> _DATASET SECTION_
· · ·

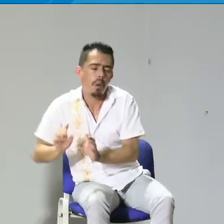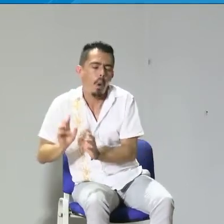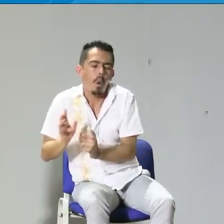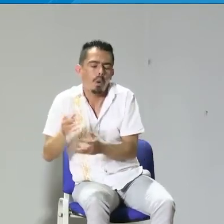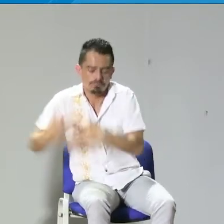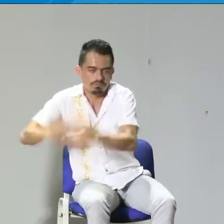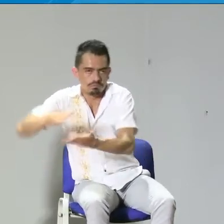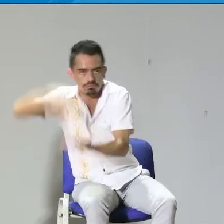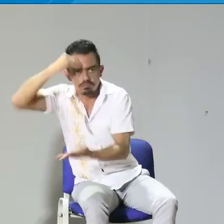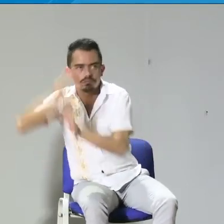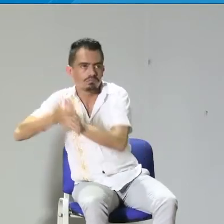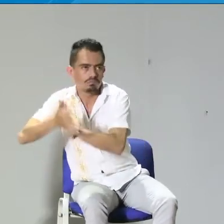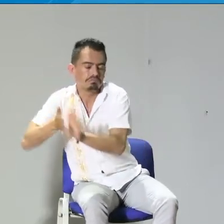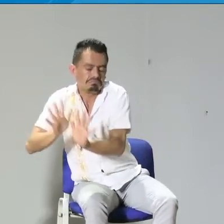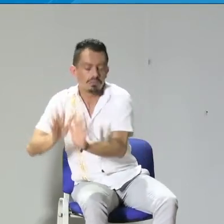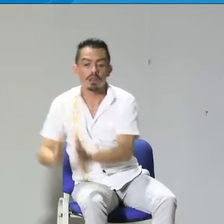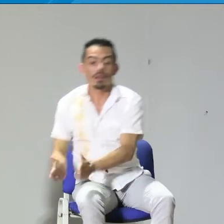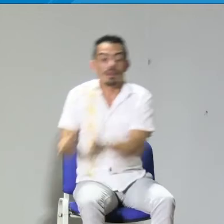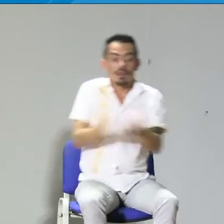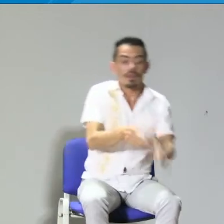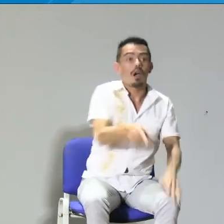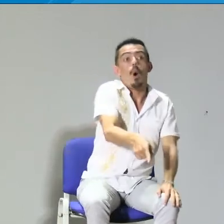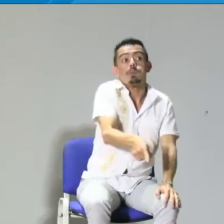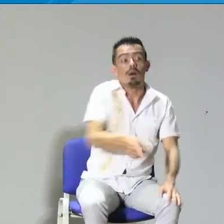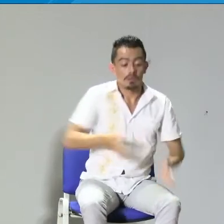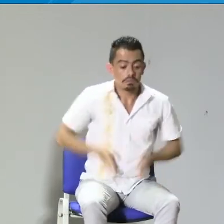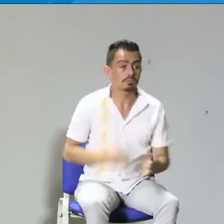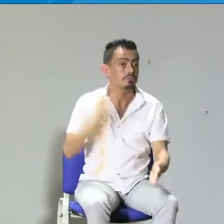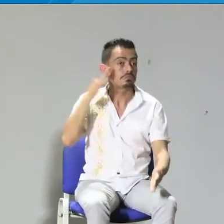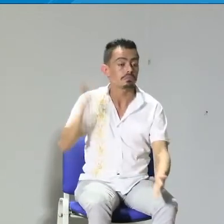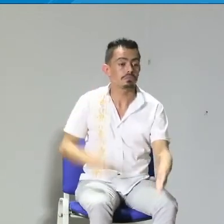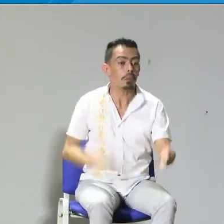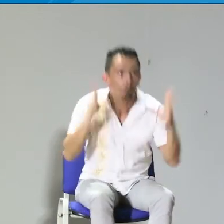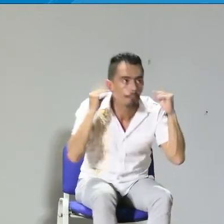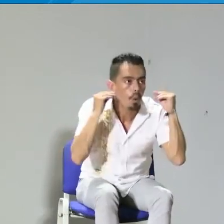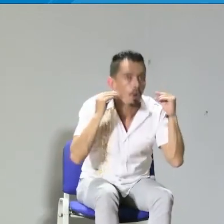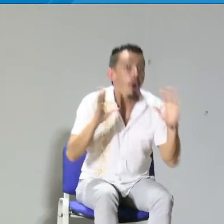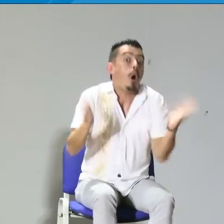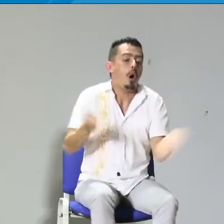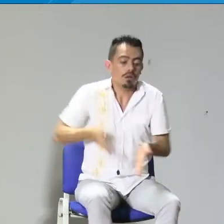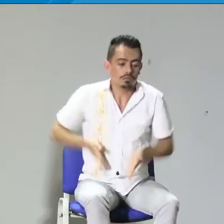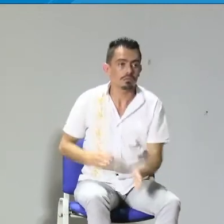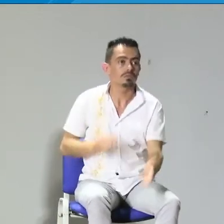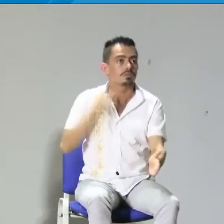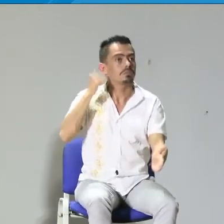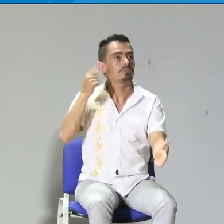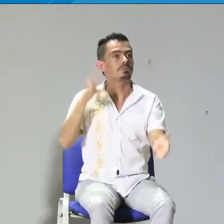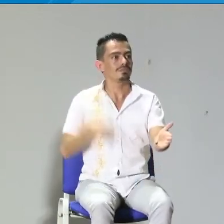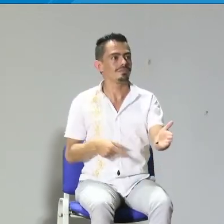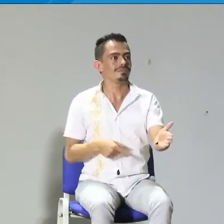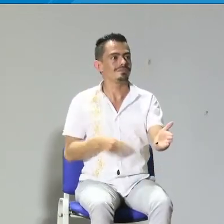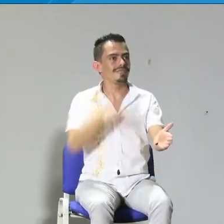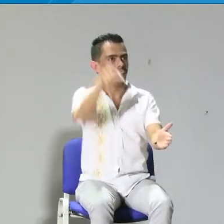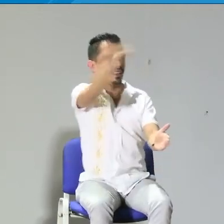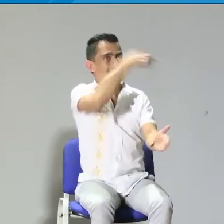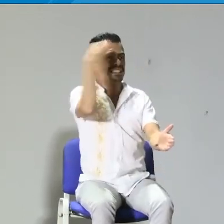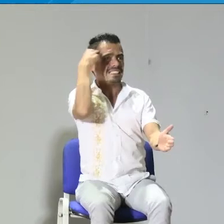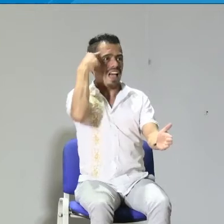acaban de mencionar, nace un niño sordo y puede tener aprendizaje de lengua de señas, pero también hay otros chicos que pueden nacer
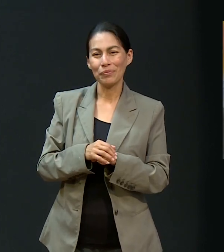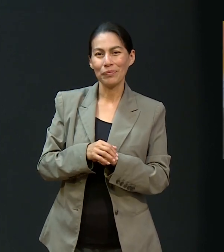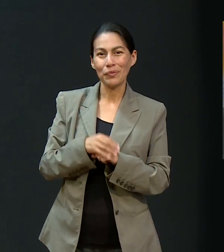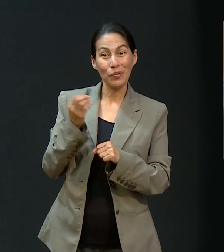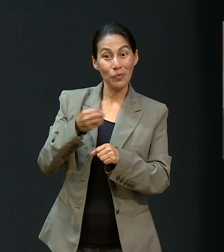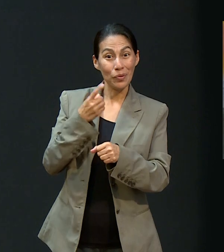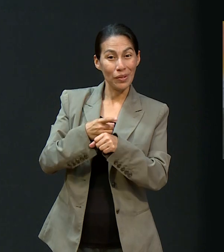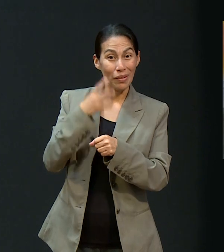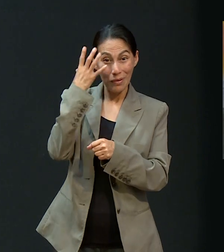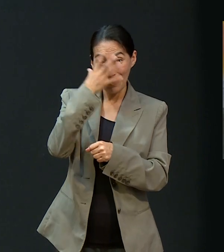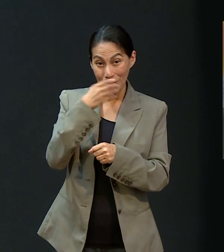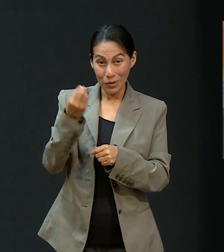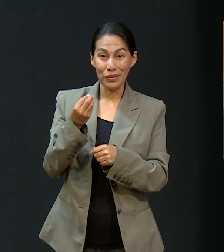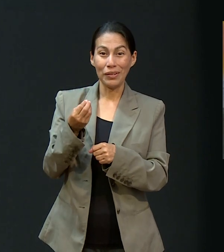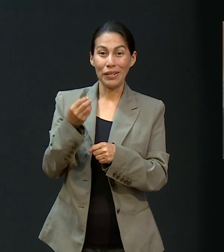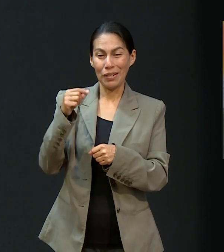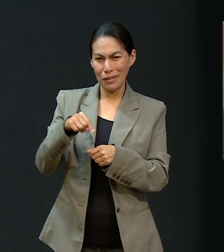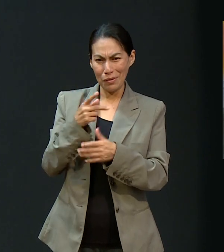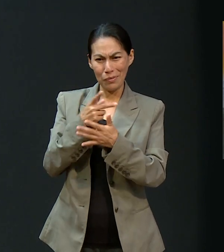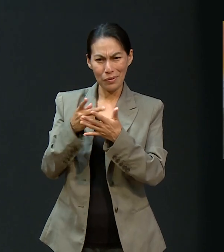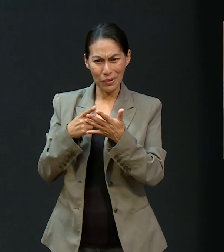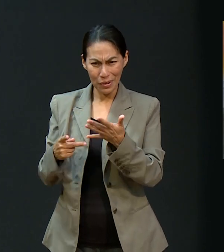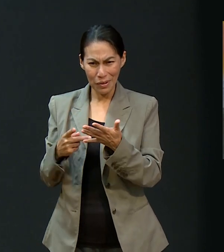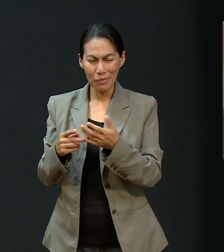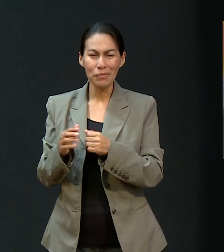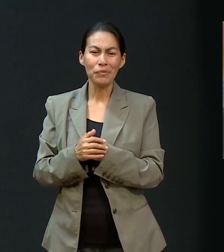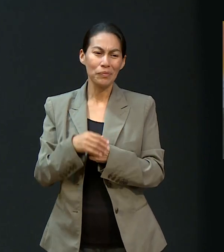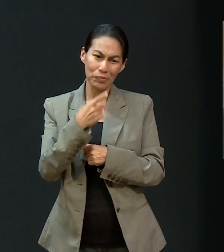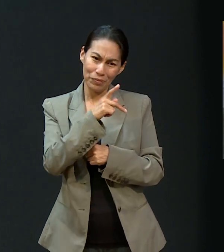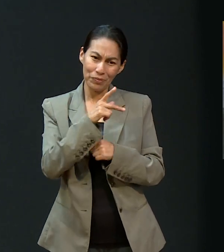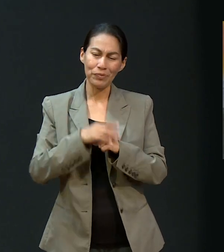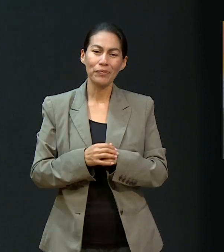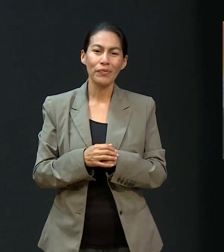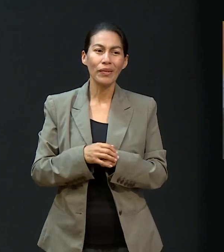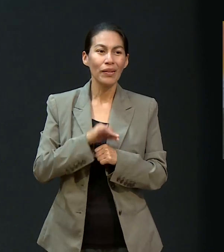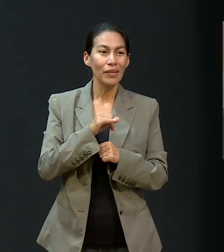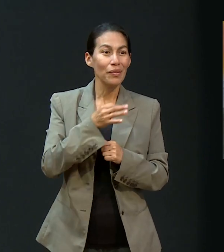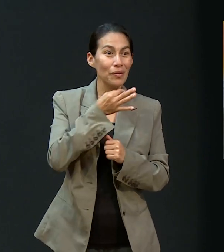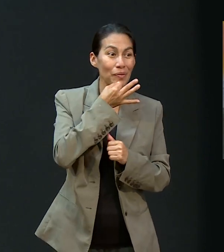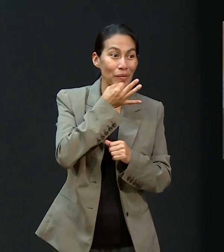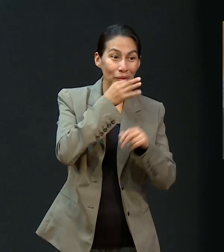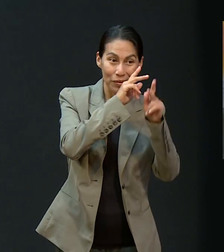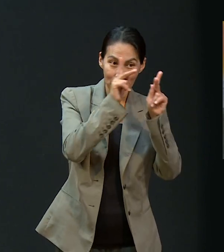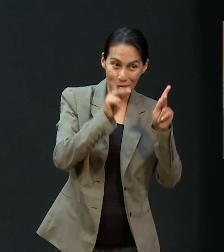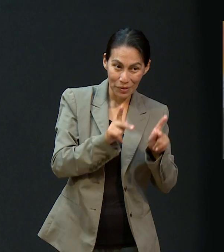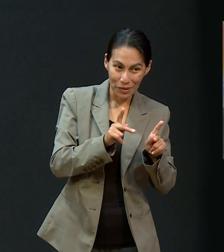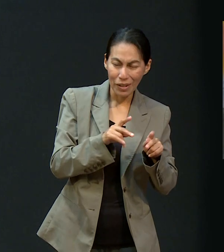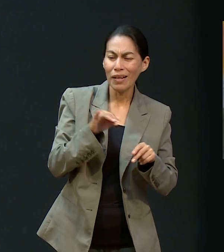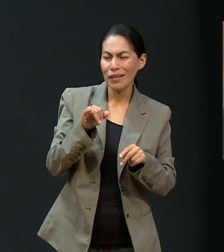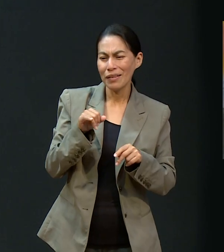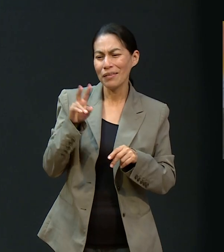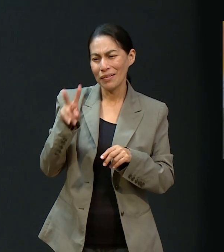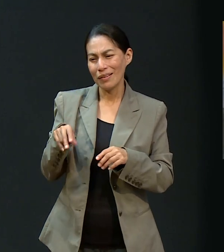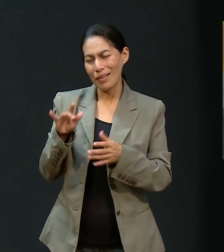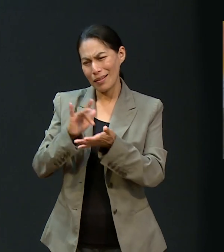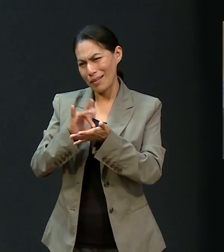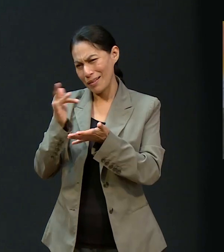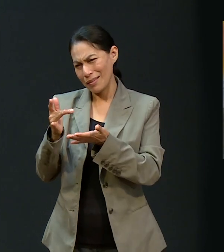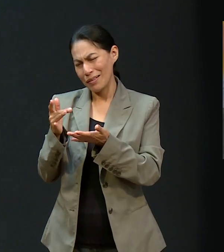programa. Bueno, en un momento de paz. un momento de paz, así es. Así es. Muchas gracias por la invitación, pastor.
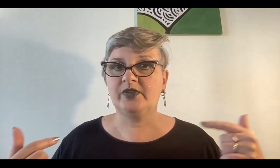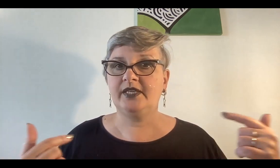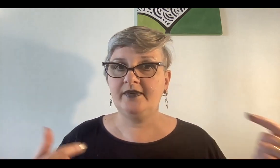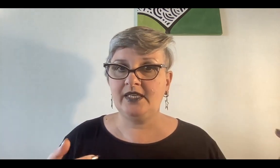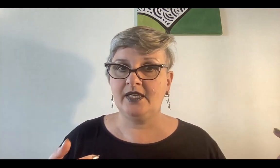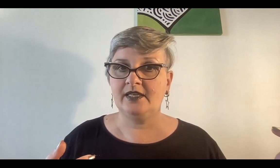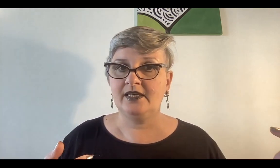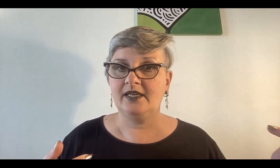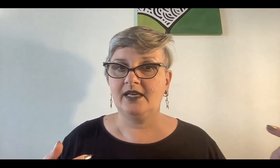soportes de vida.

· · ·

> _PROMPT_
All lines from the one holding "programa. Bueno, en" through the last line of the material above should be set down exactly, and the pictures should be left out.

> _ANSWER TO THE PROBLEM_
programa. Bueno, en un momento de paz. un momento de paz, así es. Así es. Muchas gracias por la invitación, pastor.
soportes de vida.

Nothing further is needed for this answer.